一定是這樣,犯罪成了她的癮頭。為了揮之不去的念頭,她不由自主地去殺戮,冷酷無情地去嗜血。她可能是因為想要得到什麼而殺人,為了自衛而殺人,為了掩蓋上一次罪行而殺人。可是到最後,她就是為了殺人而殺人。這樣的欲望來勢洶洶、無法阻擋,必須獲得滿足。於是,在她生命中的某個時刻,當她處於某種精神情況下,與他面對面的無辜者,瞬間變成了她的敵人,讓她不得不下手。
她瘋狂地、殘忍地殺人,而且執拗地沉醉在暴力之中。
她真是瘋得離奇,對自己的殺人行為絲毫不感到愧疚。意識盲目的她,思路卻是那麼清楚。精神錯亂的她,行動起來卻那麼縝密。思維荒誕的她,卻又那麼聰明。

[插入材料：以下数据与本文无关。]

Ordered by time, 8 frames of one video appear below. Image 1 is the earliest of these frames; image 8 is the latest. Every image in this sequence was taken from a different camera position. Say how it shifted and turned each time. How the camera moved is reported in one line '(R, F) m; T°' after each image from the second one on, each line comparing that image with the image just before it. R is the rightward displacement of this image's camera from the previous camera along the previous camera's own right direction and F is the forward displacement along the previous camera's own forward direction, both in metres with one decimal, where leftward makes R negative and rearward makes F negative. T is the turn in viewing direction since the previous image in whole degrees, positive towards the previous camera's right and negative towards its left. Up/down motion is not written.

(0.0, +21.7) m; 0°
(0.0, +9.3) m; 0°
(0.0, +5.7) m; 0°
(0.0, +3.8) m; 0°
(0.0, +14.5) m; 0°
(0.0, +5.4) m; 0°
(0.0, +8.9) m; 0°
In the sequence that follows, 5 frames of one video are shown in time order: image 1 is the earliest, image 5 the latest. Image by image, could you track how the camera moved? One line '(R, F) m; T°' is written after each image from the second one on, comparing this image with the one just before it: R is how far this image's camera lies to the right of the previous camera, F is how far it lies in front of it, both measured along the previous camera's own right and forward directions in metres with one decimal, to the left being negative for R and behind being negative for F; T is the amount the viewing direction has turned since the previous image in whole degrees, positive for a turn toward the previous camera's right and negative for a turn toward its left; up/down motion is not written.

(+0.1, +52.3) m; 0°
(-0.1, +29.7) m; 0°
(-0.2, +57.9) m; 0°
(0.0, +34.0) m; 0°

她是多麼機智,多麼能堅持,真是一個既讓人深惡痛絕、又不禁為之讚嘆的矛盾綜合體。
就在這時,目光敏銳的羅蘋一下子看穿了多蘿蕾絲的所有血腥歷險,他終於猜出多蘿蕾絲神祕的足跡所至。
他彷彿看到多蘿蕾絲像著了魔似的,對她丈夫的計畫念念不忘,因為一直以來,她只知道其中一小部分祕密。羅蘋看到她,一直在苦苦尋找他丈夫想找到的那個皮耶·勒杜克。她找他是為了要嫁給他,最後以王后的身分回到威爾丹茲這個迷你王國,回到這塊曾經驅逐她的父母、使他們家族蒙羞的土地。

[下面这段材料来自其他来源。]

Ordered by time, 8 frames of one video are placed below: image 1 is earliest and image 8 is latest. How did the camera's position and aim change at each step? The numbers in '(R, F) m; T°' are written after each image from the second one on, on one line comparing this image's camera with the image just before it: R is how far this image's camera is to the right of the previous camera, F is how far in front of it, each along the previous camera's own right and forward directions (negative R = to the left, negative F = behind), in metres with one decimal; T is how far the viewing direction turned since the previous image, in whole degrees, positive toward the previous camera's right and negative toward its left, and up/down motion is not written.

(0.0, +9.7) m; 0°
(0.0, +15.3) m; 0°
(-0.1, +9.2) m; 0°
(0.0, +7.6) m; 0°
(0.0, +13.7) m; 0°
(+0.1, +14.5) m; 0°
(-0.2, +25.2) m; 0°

他看到了,被人們以為仍住在蒙地卡羅的多蘿蕾絲,其實一直待在皇宮飯店他哥哥艾爾特海姆的房間裡。
他看到了,她日日夜夜都在窺伺自己的丈夫,並在夜行黑衣的掩護下,悄無聲息趴在牆上伺機而動。
於是,在一天夜裡,她發現克塞巴赫先生被人捆了起來,於是趁機對他下手。第二天早晨,當她被飯店侍者撞見的時候,她即毫不留情地殺了他。一個小時後,當她的身分被夏普曼發現,她又把他拖到自己哥哥的房間,對他下了毒手。三起連環作案,手段冷酷、殘忍,卻如魔鬼般靈活。
然後,她同樣運用極其巧妙的手段,與剛從蒙地卡羅趕來的女僕歌楚和蘇珊取得電話聯繫。自己不在蒙地卡羅的時候,肯定就是其中一名女僕扮演她女主人的角色。接著,多蘿蕾絲換回平日的女裝、扔掉用來掩飾身分的金色假髮,走到大廳與剛走進飯店的貼身女僕歌楚會合,假稱自己剛抵達巴黎,裝作對即將聽到的噩耗渾然不知的樣子。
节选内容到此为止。